Currently using a Terra Nova Super Quasar, which is great, but weighs 4.5kg! Considering most of our camps seem to be on top of mountains or at the end of long days, it's time I bought something a bit lighter.

I had originally decided on a Voyager, but I've always found them a bit cramped for 2.

Spotted a few people mention the Scarp 2. It's seems to be spot on, low weight, easy to pitch, roomy for two, reasonably priced and 4 season.

http://www.tarptent.com/scarp2.html

Has anyone used the Scarp 2 for UK use, specifically on Scottish mountains in winter or when it's blowing a hoolie?

I've not seen that type of design before and I am a little concerned how it performs in strong winds.

I would go for the solid inner and 2 pole version.

Thanks

TMM - on 15 Mar 2013
In reply to professionalwreckhead:

I recommended the Scarp2 on the other tent thread.

I have only used the 1 man version and it has been excellent. You either use it as a single pole ultralight or with the addition of two crossing poles. I have used it with the crossing poles in snow and high winds and it was excellent.

The pitch is drum tight and the space on offer for such a light tent is remarkable.

Have look for some user reviews on OM, mainly for the Scarp1 but there might be some 2 users now as well.
professionalwreckhead - on 15 Mar 2013
In reply to TMM:

Thanks TMM, that's really helpful.

Yes, the space is really appealing - one of the reasons I lug the Super Quasar everywhere is because the extra room is such a bonus in winter when we invariably spend longer in the tent and carry more kit.

Glad to hear it pitches well, it's hard to tell from the video/pictures and obviously there is nowhere in the UK to check one out.

Is the groundsheet fairly robust or would you recommend a footprint?
monkeymark - on 15 Mar 2013
In reply to professionalwreckhead:

I have a Scarp 2 and its an awesome bit of kit. It's done plenty of nights in the lakes and a 5 night trip to Scotland in Spring but I've never particularly used it in full winter conditions.

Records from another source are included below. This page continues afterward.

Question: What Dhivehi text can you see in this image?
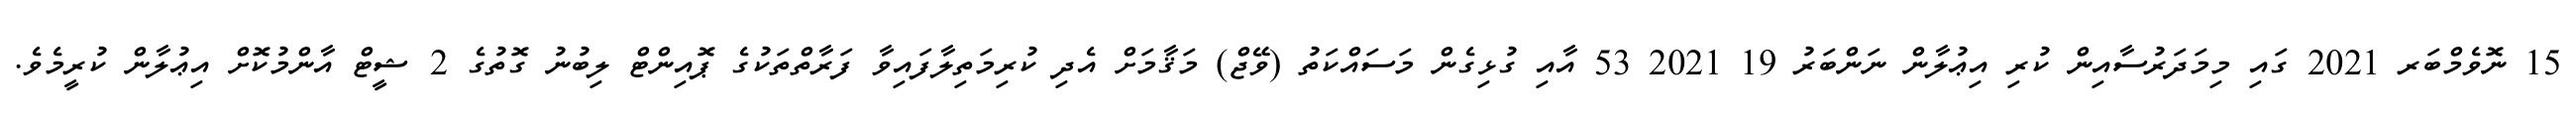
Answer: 15 ނޮވެމްބަރ 2021 ގައި މިމަދަރުސާއިން ކުރި އިޢުލާން ނަންބަރު 19 2021 53 އާއި ގުޅިގެން މަސައްކަތު (ވޭޖް) މަޤާމަށް އެދި ކުރިމަތިލާފައިވާ ފަރާތްތަކުގެ ޕޮއިންޓް ލިބުނު ގޮތުގެ 2 ޝީޓް އާންމުކޮށް އިޢުލާން ކުރީމެވެ.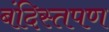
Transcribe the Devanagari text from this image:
बंदिस्तपण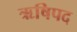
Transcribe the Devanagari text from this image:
ऋषिपद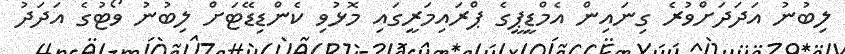
ލިބުނު އަދަދަށްވުރެ ގިނައިން އެމްޑީޕީގެ ޕްރައިމަރީގައި މޮޅުވި ކެންޑިޑޭޓަށް ލިބުނު ވޯޓުގެ އަދަދު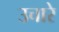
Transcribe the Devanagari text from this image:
उचारे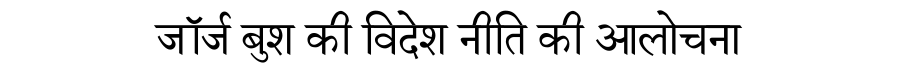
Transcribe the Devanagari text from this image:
जॉर्ज बुश की विदेश नीति की आलोचना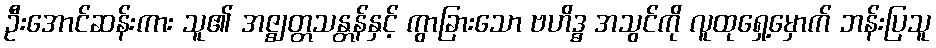
ဦးအောင်ဆန်းကား သူ၏ အဇ္ဈတ္တသန္တန်နှင့် ကွာခြားသော ဗဟိဒ္ဓ အသွင်ကို လူထုရှေ့မှောက် ဘန်းပြသူ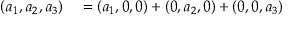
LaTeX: \begin{array} { r l } { ( a _ { 1 } , a _ { 2 } , a _ { 3 } ) } & { { } = ( a _ { 1 } , 0 , 0 ) + ( 0 , a _ { 2 } , 0 ) + ( 0 , 0 , a _ { 3 } ) } \end{array}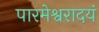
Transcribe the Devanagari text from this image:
पारमेश्वरादयं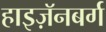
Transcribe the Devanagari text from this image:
हाइज़ॅनबर्ग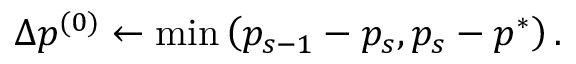
\Delta p ^ { ( 0 ) } \gets \operatorname* { m i n } \left( p _ { s - 1 } - p _ { s } , p _ { s } - p ^ { * } \right) .

You have to be aware that you would need to seal the seams of the tent when you get it. This means time with some turps, silicone and a paint brush, preferably outside. It also takes a while to dry after you do this so you need to keep the tent up and somewhere dry.

The groundsheet is also quite slipy so to get around this I silicones that too.

I'd definitely recommend it as a tent, it's just a pain having to silicone it first.

Mark
sbc_10 - on 15 Mar 2013
In reply to professionalwreckhead:

Maybe drop a line to the bloke who took this
http://www.ukclimbing.com/images/dbpage.html?id=194165
xplorer on 18 Mar 2013
In reply to monkeymark:

I've got a dragon fly 2 mountain equipment, it comes unsealed too, never sealed it myself and have never had any problems with water getting in.
ads.ukclimbing.com
monkeymark - on 18 Mar 2013
In reply to xplorer:
I must admit I never tried it un-sealed. Give it another year or two and I'm sure I'll get the opportunity.